I came up with a new plan (which was actually my original plan anyway) which is to walk to the very end of France and do some of the places like Menton and Monaco which I really want to see. The reason I had abandoned this plan was that feeling of being out of place with all of my walking gear and the fact that, when I go to these nice places, I can’t go in all the cute little shops with my massive walking rucksack. I plan to come back and do these places properly and also make sure I budget on that trip to allow for a few nicer restaurants and hotels than the ones I am enjoying on this trip. However, for now, I am mainly walking in the mountains behind them, but when I do go in I will just do a whistle-stop tour and plan for when I return. I also had a good bit of news as I was leaving Peymeinade which was that the snow on the tops of the mountain was actually just a bit of a freak weather event which was part of the storm that had been happening when I was arriving. It should also melt within a few days (it already has in a lot of places) and shouldn’t cause me too many issues when I come back for the start of the GR4. Fingers crossed!

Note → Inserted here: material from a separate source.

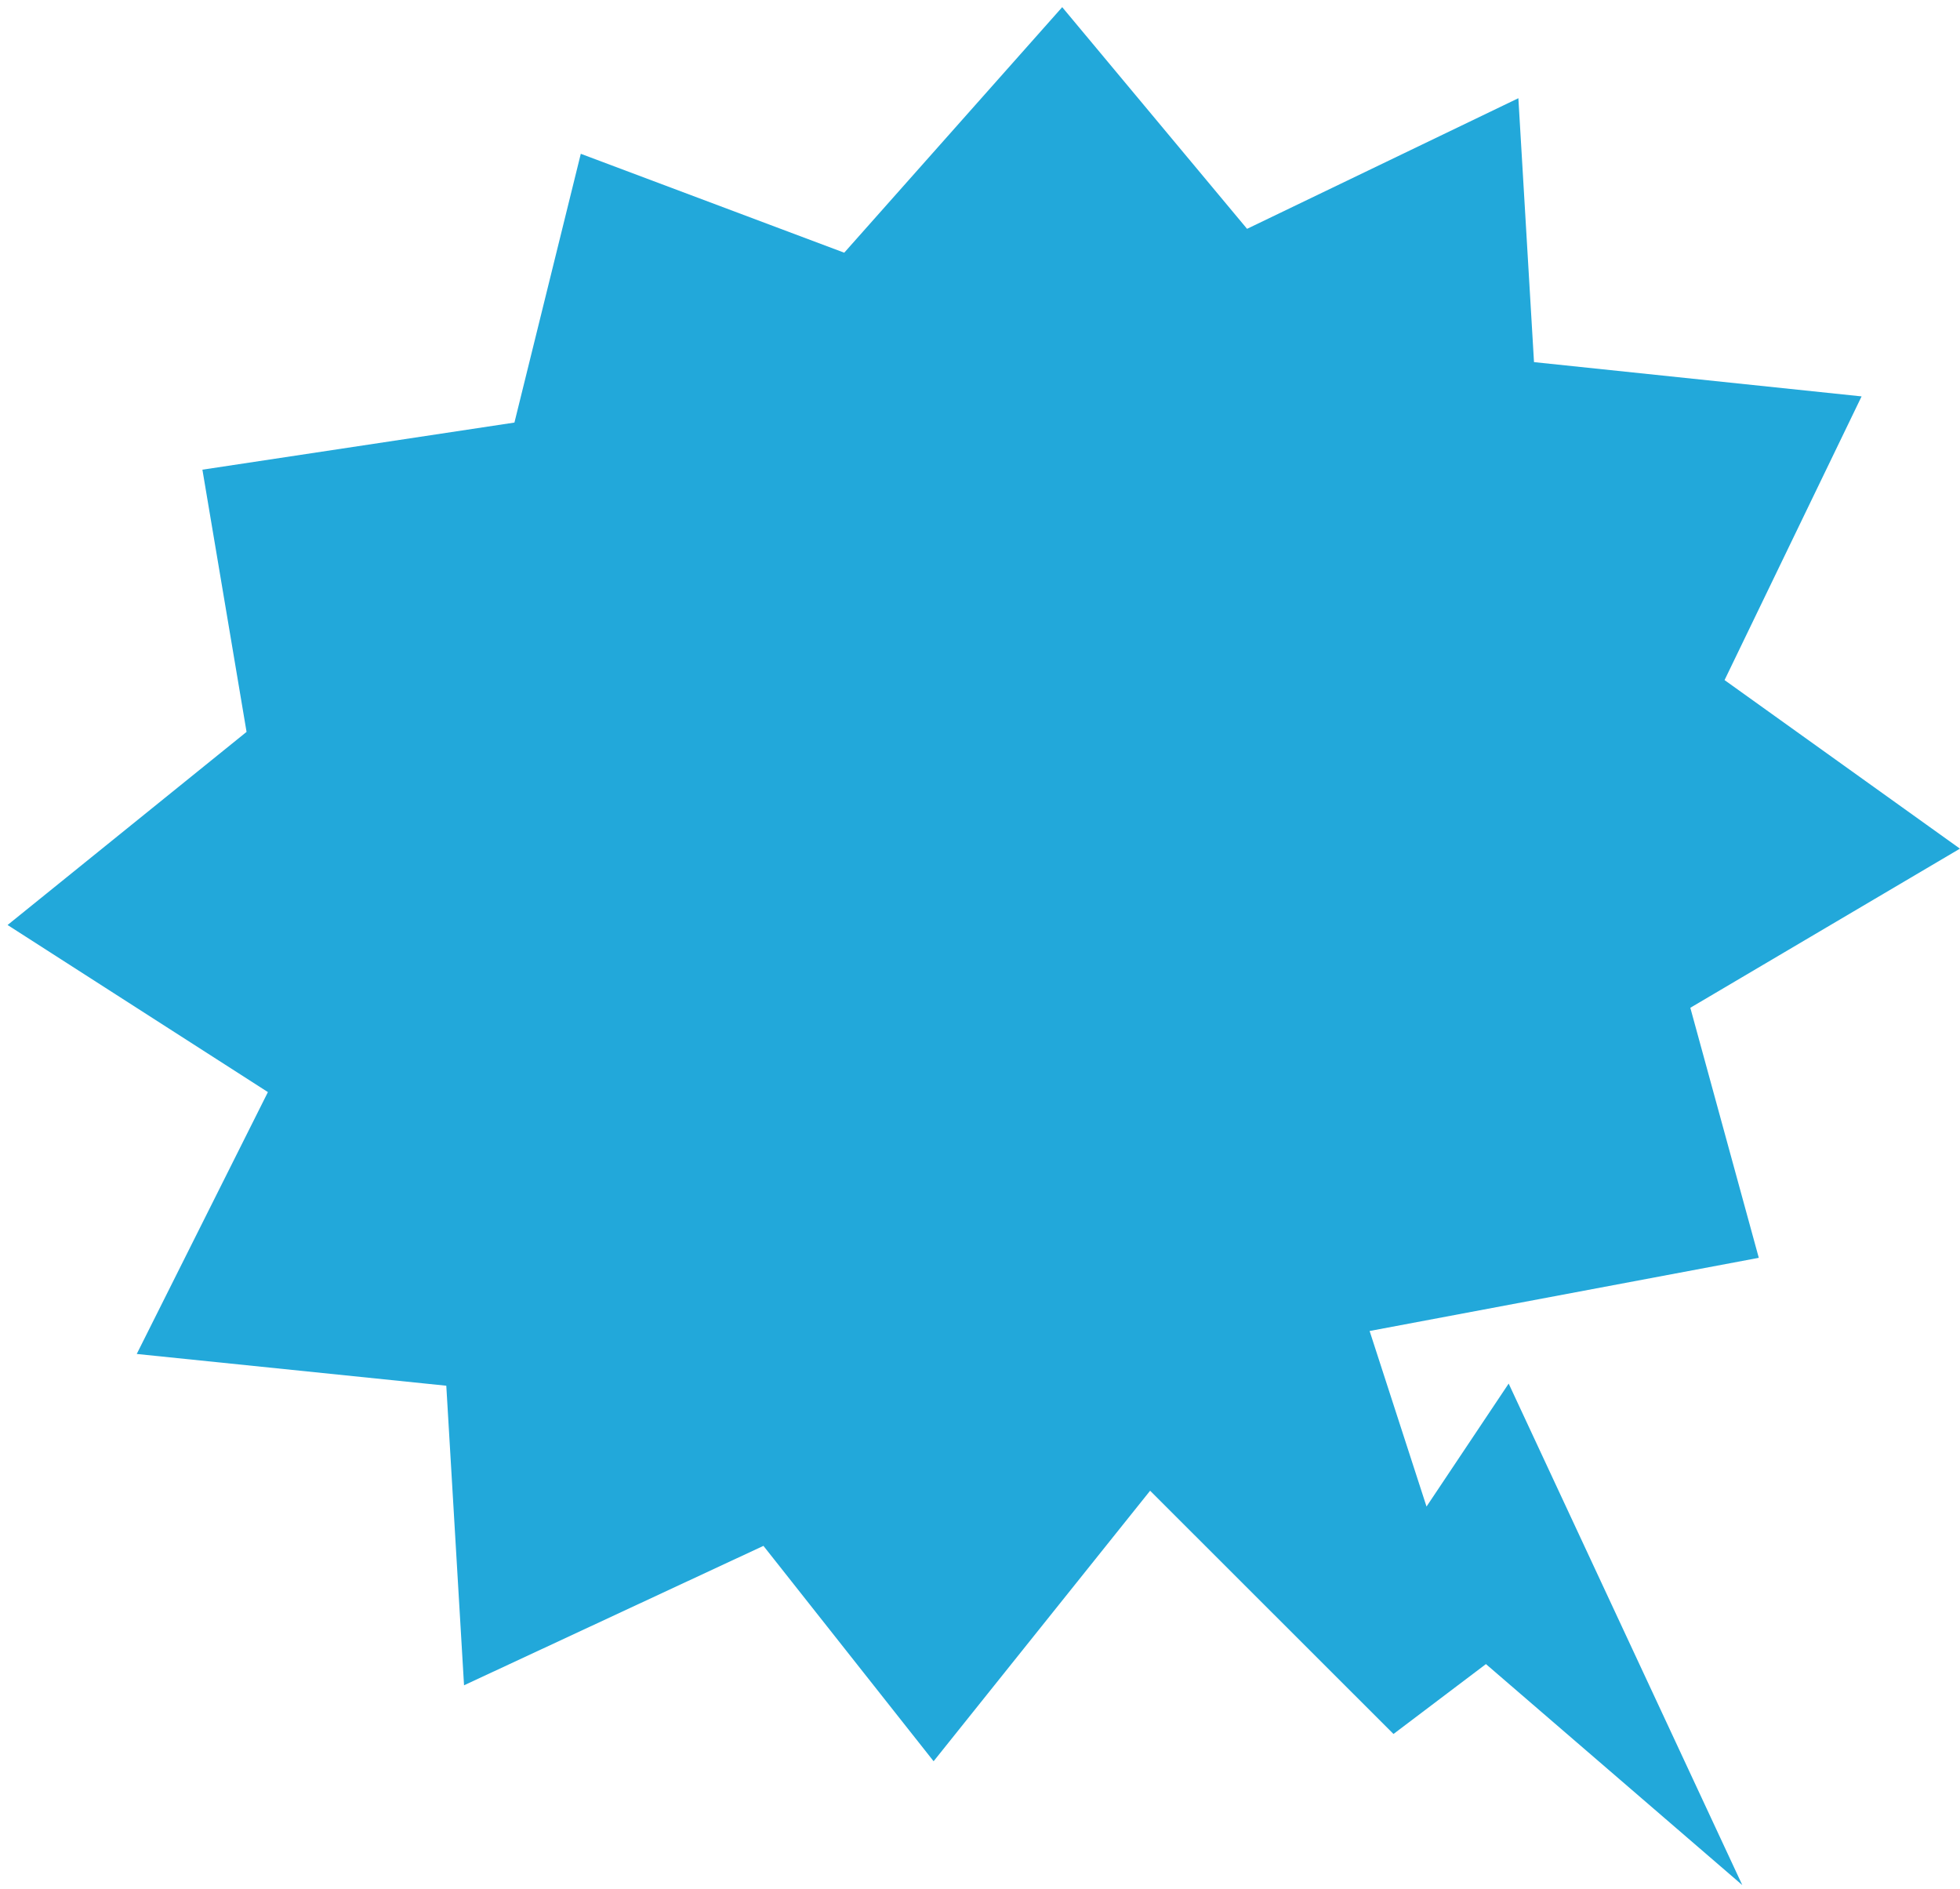 <?xml version="1.0" encoding="UTF-8"?> <svg xmlns="http://www.w3.org/2000/svg" width="137" height="132" viewBox="0 0 137 132" fill="none"><path d="M40.596 10.748L35.958 29.531L14.148 32.824L17.234 51.149L0.53 64.644L18.726 76.321L9.558 94.622L31.195 96.841L32.435 117.777L53.363 108.033L65.257 123.085L80.391 104.18L97.402 121.18L103.864 116.295L121.783 131.74L105.453 96.692L99.711 105.286L95.733 93.017L122.936 87.903L118.15 70.429L136.995 59.308L120.543 47.528L130.121 27.702L107.224 25.307L106.131 6.864L87.167 15.992L74.246 0.5L59.01 17.66L40.596 10.748Z" fill="#22A8DA"></path></svg>

Since leaving Peymeinade, I have done three days of beautiful walking as I travel in the mountains behind Cannes and Nice. As I have said before, I am trying to avoid the big cities and I have to say I have made the right choice as the views up here are stunning. Looking inland you get glimpses of the high Alps, all covered majestically in snow, and when you turn South you get wonderful views of the oceans and sometimes even the cities look rather nice, from a good safe distance of about 15 miles.



I also managed to camp a couple of times on campsites which was a first for the trip. They are now starting to open though the second one actually opened especially for me so I got a kind of VIP experience where I was the only person on the site. The first night camping I had a wonderful reminder of how unpredictable the weather in the mountains can be. Here is me figuring out what a less than 5% chance of rain might actually look like if there are summits nearby…



I’ll probably write a very short blog in a few days describing my last few days along the Med before I head back to Grasse and start the GR4 for which I am incredibly excited and yet also very nervous as that is where this walk gets BIG!



Recommendation:

I said that I quite like Peymeinade and this was definitely helped by the accommodation that I stayed in for my two nights there. On the AirBNB page the owners describe it as a shed in their garden but it is way more than that. It is cute, it is tiny and it is just so peaceful. It’s also not what I would call a shed, more of a renovated outbuilding. Sitting outside it is wonderful as the world is so quiet, all you can hear are a few birds singing and you have some truly lovely mountain views. You also get a choice of sunny or shady spots all day which was great for me. The owners are lovely but I think the best bit is that you can reach some amazing places really easily: If you had a car you could in one day go for a swim in the sea, go shopping in Nice (not sure why you would want that but I am told some people like that sort of thing), walk up any number of mountains and be spoilt for choice as to where you would eat that night.